Reform is needed to strengthen California’s water trading market and minimize the impacts of the Sustainable Groundwater Management Act, according to a new report by the Public Policy Institute of California.
Most water sales in California come from the farm sector and the major buyers tend to be cities in the San Joaquin Valley and Southern California, with the latter receiving 15 percent of their supplies from trades. Water sales have also benefited the environment, accounting for 17 percent of the total market flows over the last 35 years. The practice also contributed to keeping farming areas productive and orchards alive during the extreme drought.
Trading is also impacting land values in regions with overdrafted groundwater basins. With SGMA months away from implementation, sales of agricultural land are already correlating with surface water access in the San Joaquin Valley. Daniel Sumner, an agricultural economist at the University of California, Davis, has pointed out that water trading presents a unique opportunity for growers to supplement their income by fallowing acreage on poor farming land and banking groundwater, selling it for profit during dry years.
(chart courtesy PPIC)
But PPIC finds that the market has been mostly flat following large upticks in the 1980s and 1990s, while the regulatory process has grown complex. Most trading — up to 44 percent of sales — occurs in the same county or region. In presenting a report in February on the potential SGMA impacts to the San Joaquin Valley, Ellen Hanak, director of the PPIC Water Policy Center and lead author on both reports, said scaling up water trading within and across groundwater basin boundaries could reduce fallowing and economic impacts by as much as half.

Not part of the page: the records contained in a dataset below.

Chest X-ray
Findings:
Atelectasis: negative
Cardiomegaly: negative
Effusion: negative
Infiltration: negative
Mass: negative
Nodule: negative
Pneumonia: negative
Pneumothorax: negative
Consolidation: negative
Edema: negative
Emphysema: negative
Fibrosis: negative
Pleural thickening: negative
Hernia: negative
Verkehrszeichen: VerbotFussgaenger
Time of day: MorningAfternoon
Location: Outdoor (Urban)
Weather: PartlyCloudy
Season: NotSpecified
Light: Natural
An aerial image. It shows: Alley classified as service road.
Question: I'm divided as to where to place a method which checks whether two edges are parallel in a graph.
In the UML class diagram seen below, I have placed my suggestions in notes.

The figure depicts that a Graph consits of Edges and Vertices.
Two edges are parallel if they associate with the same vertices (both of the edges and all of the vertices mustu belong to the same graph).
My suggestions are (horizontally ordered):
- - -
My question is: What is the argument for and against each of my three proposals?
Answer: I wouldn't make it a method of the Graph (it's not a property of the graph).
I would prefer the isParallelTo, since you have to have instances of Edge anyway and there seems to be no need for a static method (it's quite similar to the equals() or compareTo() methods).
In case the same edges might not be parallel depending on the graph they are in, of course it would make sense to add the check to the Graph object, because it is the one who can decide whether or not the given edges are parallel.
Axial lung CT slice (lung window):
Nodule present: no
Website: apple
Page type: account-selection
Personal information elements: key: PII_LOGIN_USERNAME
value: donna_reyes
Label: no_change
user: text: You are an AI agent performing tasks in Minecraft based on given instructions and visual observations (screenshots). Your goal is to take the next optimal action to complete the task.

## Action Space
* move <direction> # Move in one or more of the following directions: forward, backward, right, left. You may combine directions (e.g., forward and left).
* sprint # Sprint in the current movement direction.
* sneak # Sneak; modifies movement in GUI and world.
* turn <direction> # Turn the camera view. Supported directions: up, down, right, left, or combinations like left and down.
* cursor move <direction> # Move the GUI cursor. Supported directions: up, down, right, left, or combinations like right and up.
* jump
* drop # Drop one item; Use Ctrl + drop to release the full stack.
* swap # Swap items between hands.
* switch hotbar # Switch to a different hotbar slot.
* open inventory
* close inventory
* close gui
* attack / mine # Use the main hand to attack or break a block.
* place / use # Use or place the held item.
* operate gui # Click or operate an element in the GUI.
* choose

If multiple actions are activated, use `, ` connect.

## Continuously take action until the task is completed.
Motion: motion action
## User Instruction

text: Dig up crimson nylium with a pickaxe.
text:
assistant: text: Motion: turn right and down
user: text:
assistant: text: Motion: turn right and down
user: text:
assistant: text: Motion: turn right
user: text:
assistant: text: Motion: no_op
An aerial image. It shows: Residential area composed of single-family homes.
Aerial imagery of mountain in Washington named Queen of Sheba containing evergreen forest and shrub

According to the new report, the regulatory process for trading water is “fragmented and inconsistent” and varies by the type of water right, the restrictions from individual irrigation districts and the many groundwater sustainability plans currently being drafted.
The report emphasizes the need for a more centralized and accurate accounting of the water available for trading and to establish caps for sellers that would maintain environmental and legal protections. Another weak point is neglected infrastructure for water conveyance, which would be used for transporting the water trades.
PPIC has appealed to the legislature, state agencies and the governor’s office for a statewide effort to upgrade and streamline the water trading process.